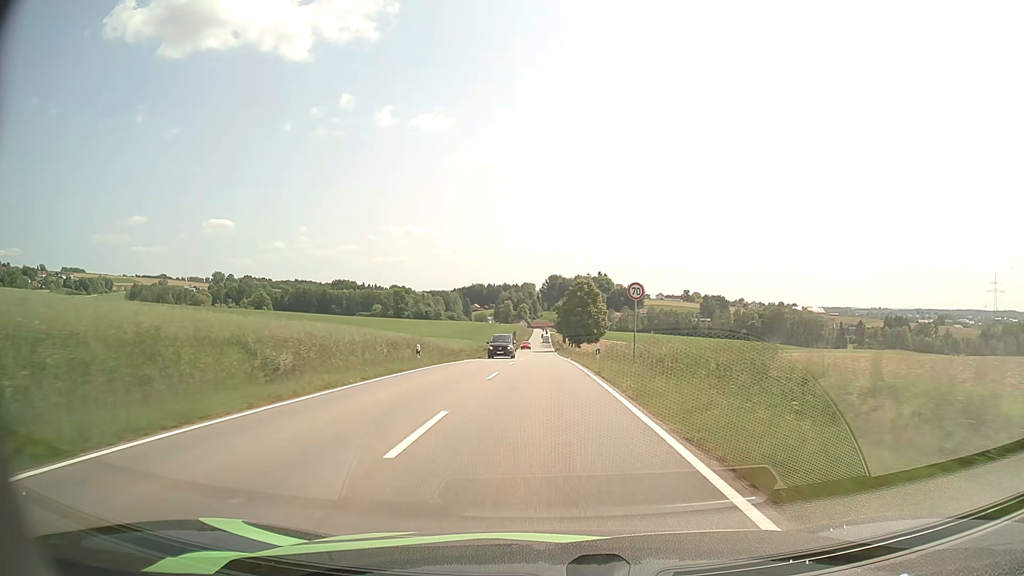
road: tertiary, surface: asphalt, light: Day
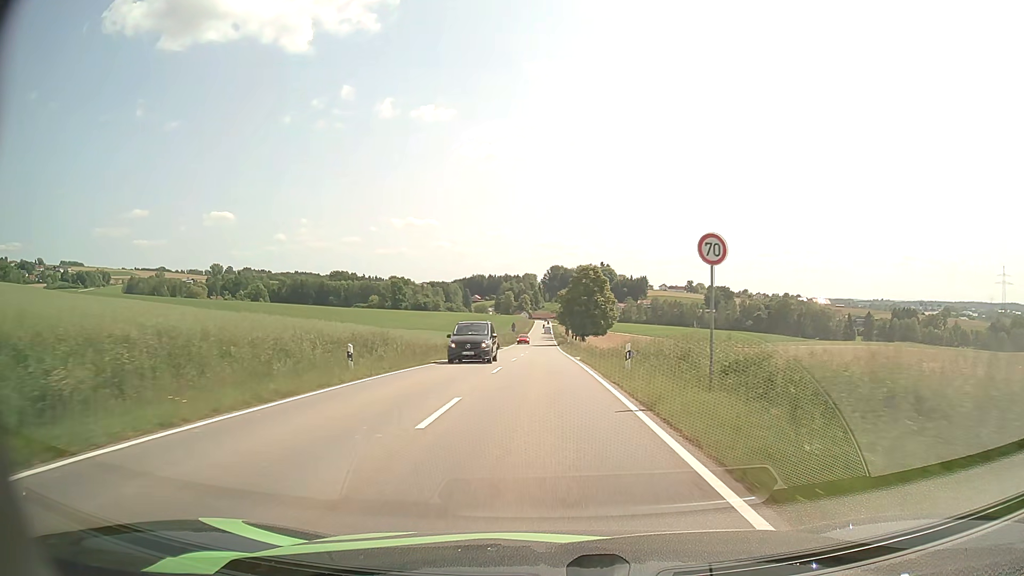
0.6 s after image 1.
(0.0, +10.6) m; 0°
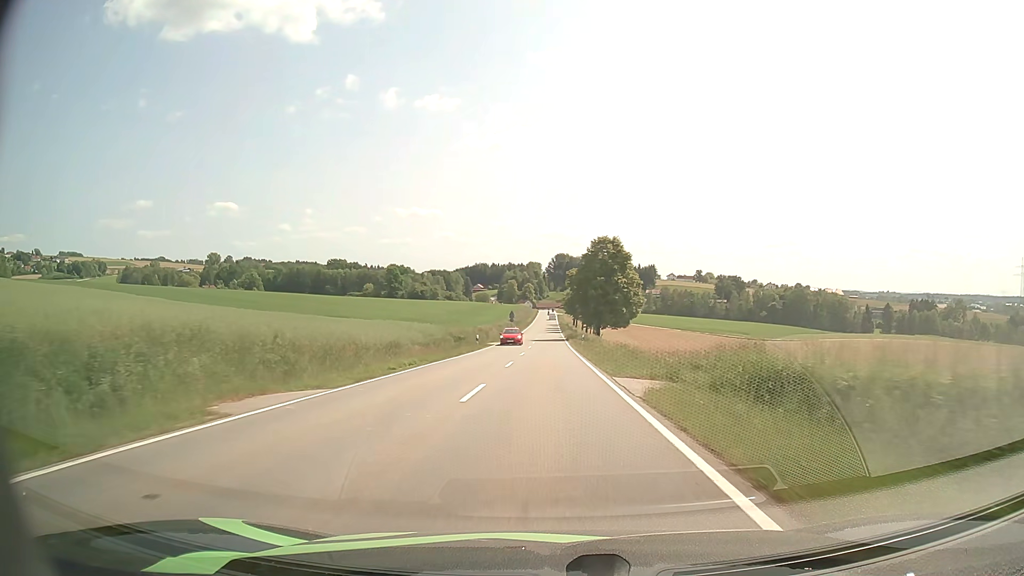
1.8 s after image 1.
(-0.1, +21.2) m; -1°
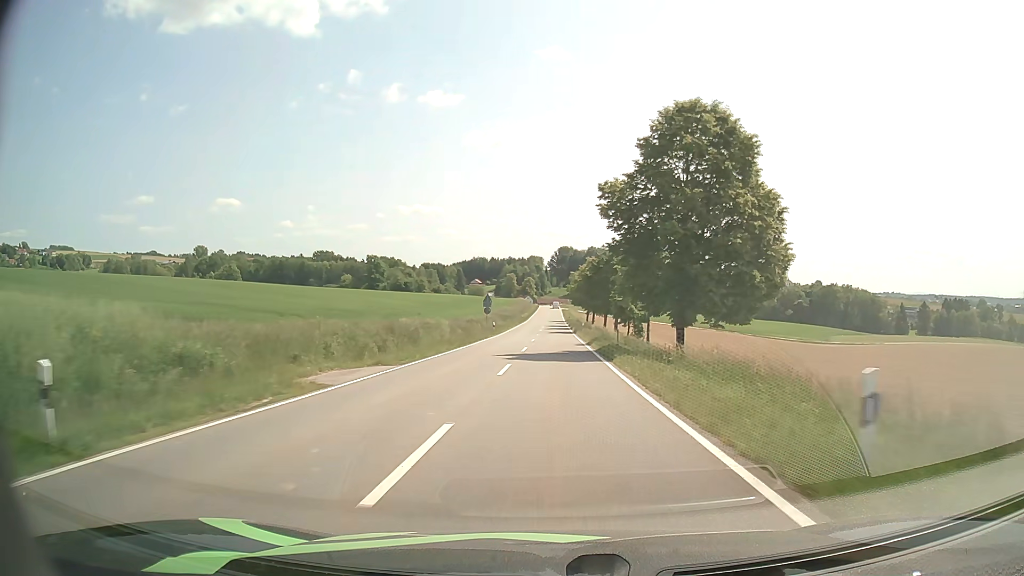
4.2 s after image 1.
(0.0, +44.9) m; 0°
(0, +10) (0, +20) (0, +30) (0, +40) (0, +50) (+1, +60) (+1, +70) (+1, +80) (+1, +90) (+1, +100) m
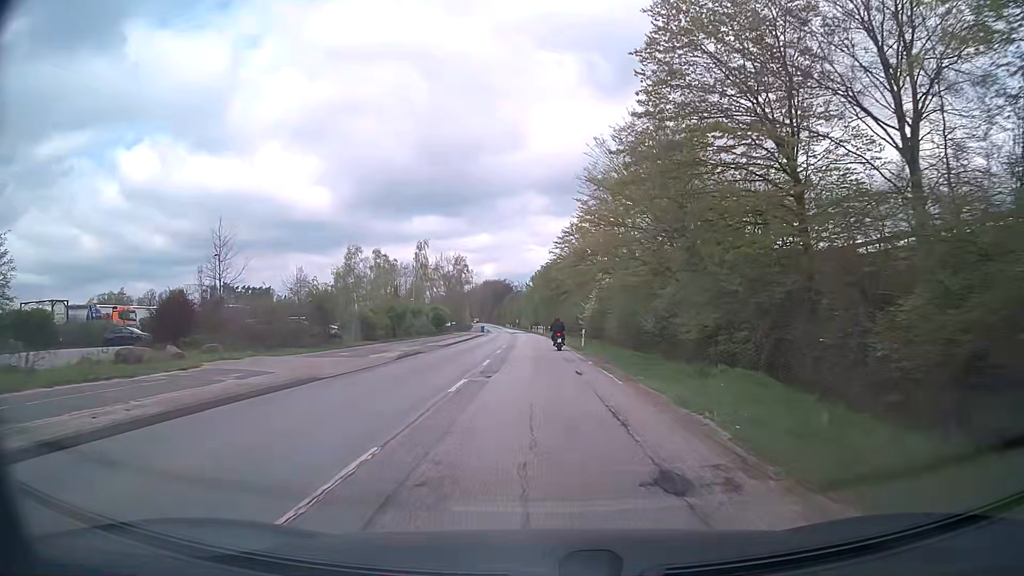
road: secondary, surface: asphalt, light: Day
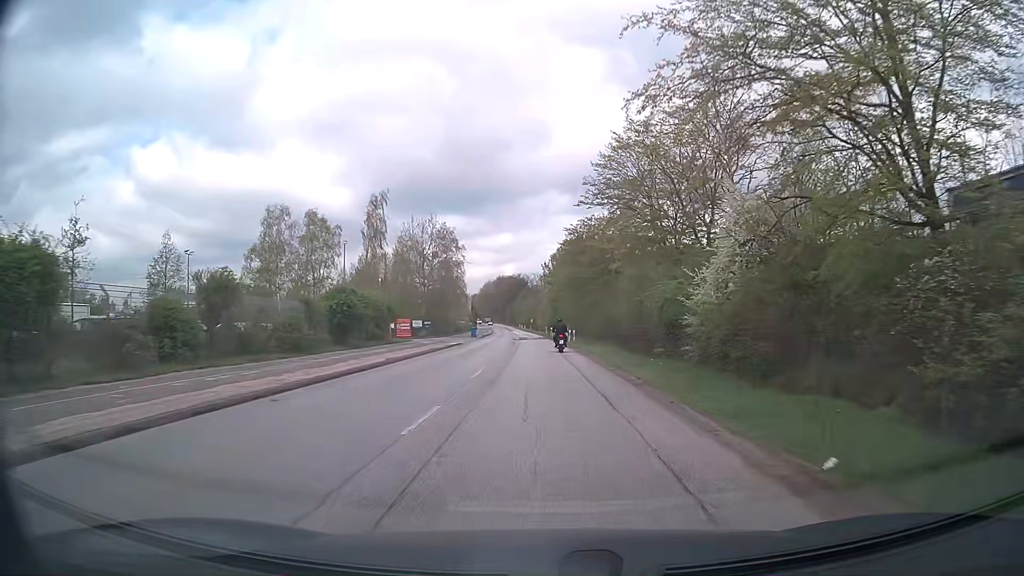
(-0.5, +41.1) m; -1°
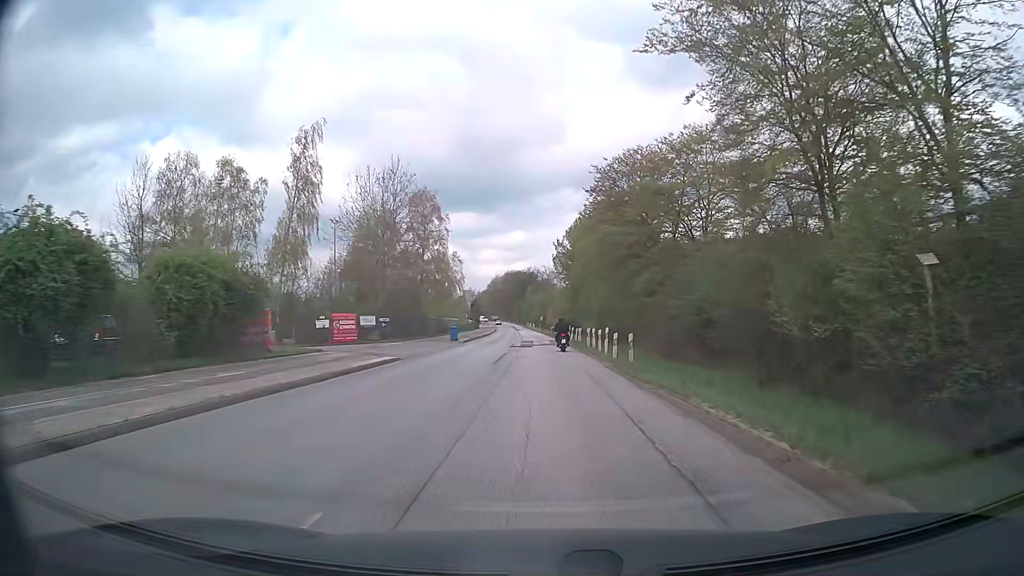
(-0.2, +24.5) m; -1°
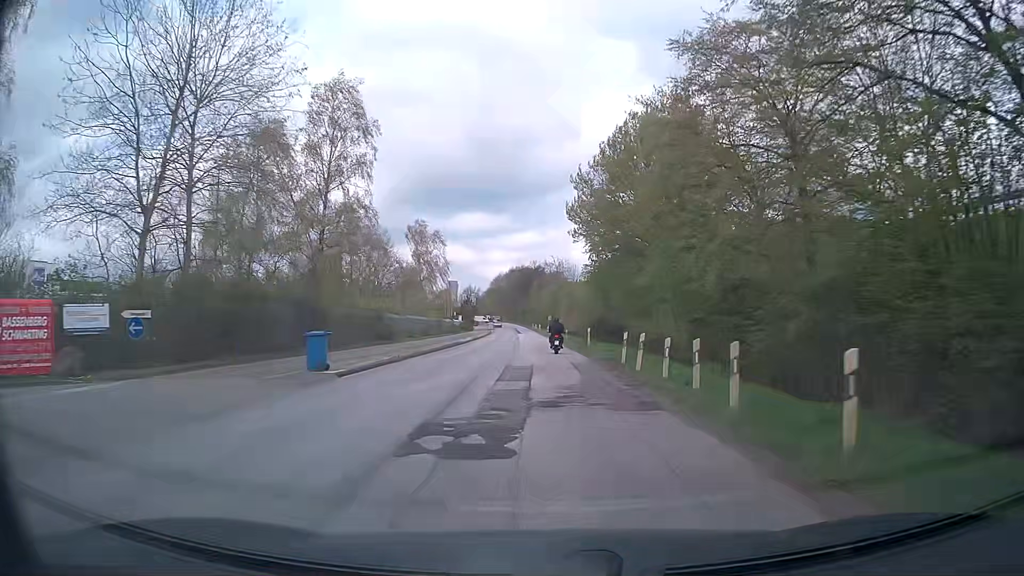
(-0.1, +32.3) m; 0°
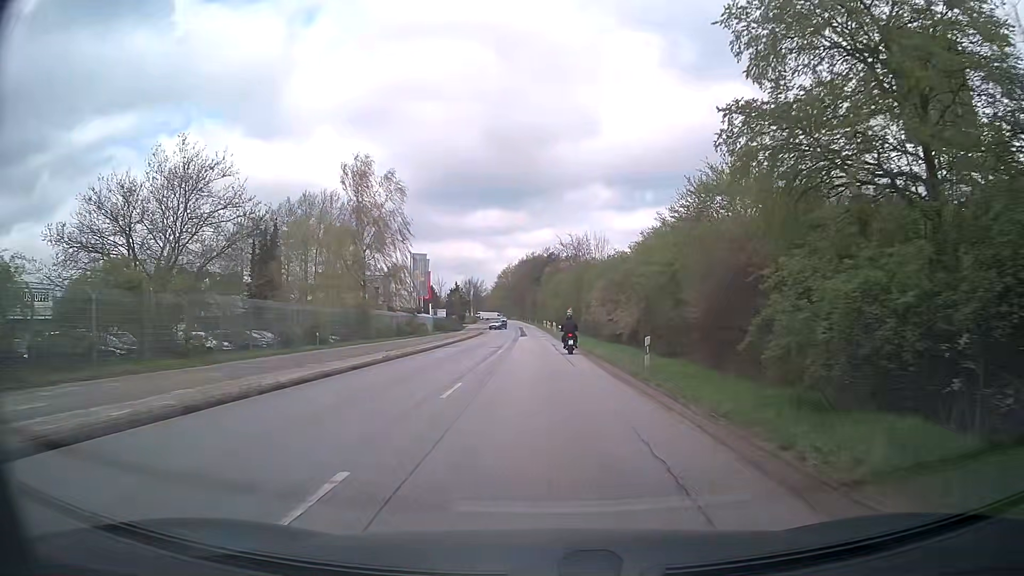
(-0.3, +38.5) m; -2°
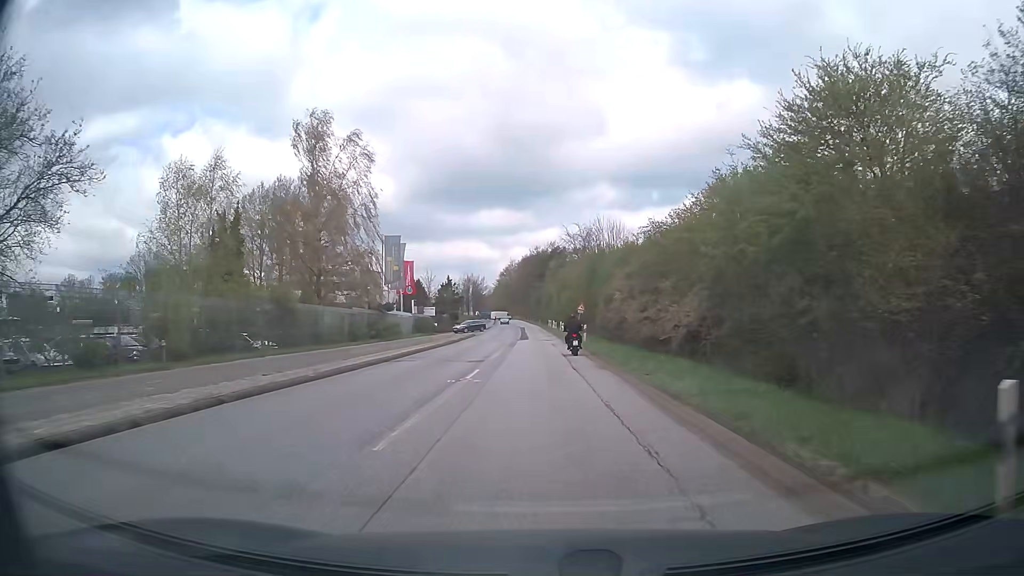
(0.0, +13.9) m; 0°
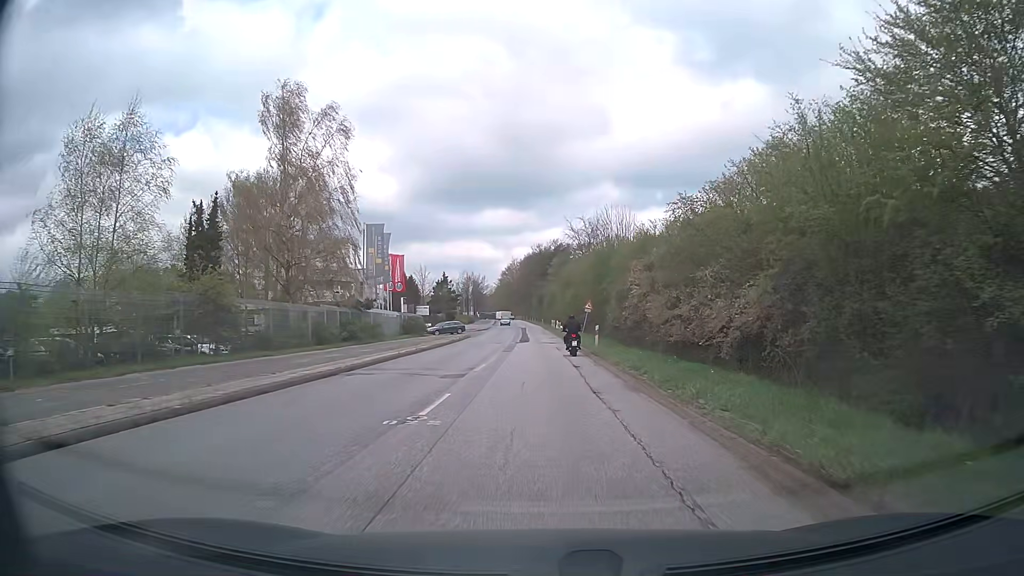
(0.0, +6.6) m; +1°
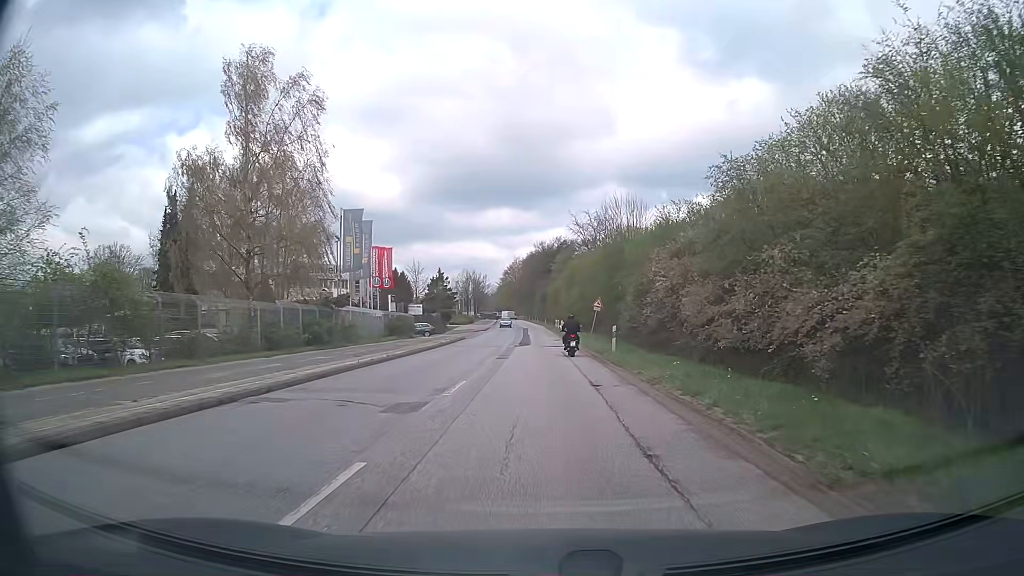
(-0.1, +6.4) m; -1°
(0, +10) (0, +20) (0, +30) (0, +40) (-1, +50) (-1, +60) (-1, +70) (-2, +80) (-2, +90) (-2, +100) m

# # #

#### [TASK DIRECTIONS]
Every record is to be repeated exactly, and no picture is carried over.

#### [SOLUTION FOR THIS TASK]
road: tertiary, surface: asphalt, light: Day
0.6 s after image 1.
(0.0, +10.6) m; 0°
1.8 s after image 1.
(-0.1, +21.2) m; -1°
4.2 s after image 1.
(0.0, +44.9) m; 0°
(0, +10) (0, +20) (0, +30) (0, +40) (0, +50) (+1, +60) (+1, +70) (+1, +80) (+1, +90) (+1, +100) m
road: secondary, surface: asphalt, light: Day
(-0.5, +41.1) m; -1°
(-0.2, +24.5) m; -1°
(-0.1, +32.3) m; 0°
(-0.3, +38.5) m; -2°
(0.0, +13.9) m; 0°
(0.0, +6.6) m; +1°
(-0.1, +6.4) m; -1°
(0, +10) (0, +20) (0, +30) (0, +40) (-1, +50) (-1, +60) (-1, +70) (-2, +80) (-2, +90) (-2, +100) m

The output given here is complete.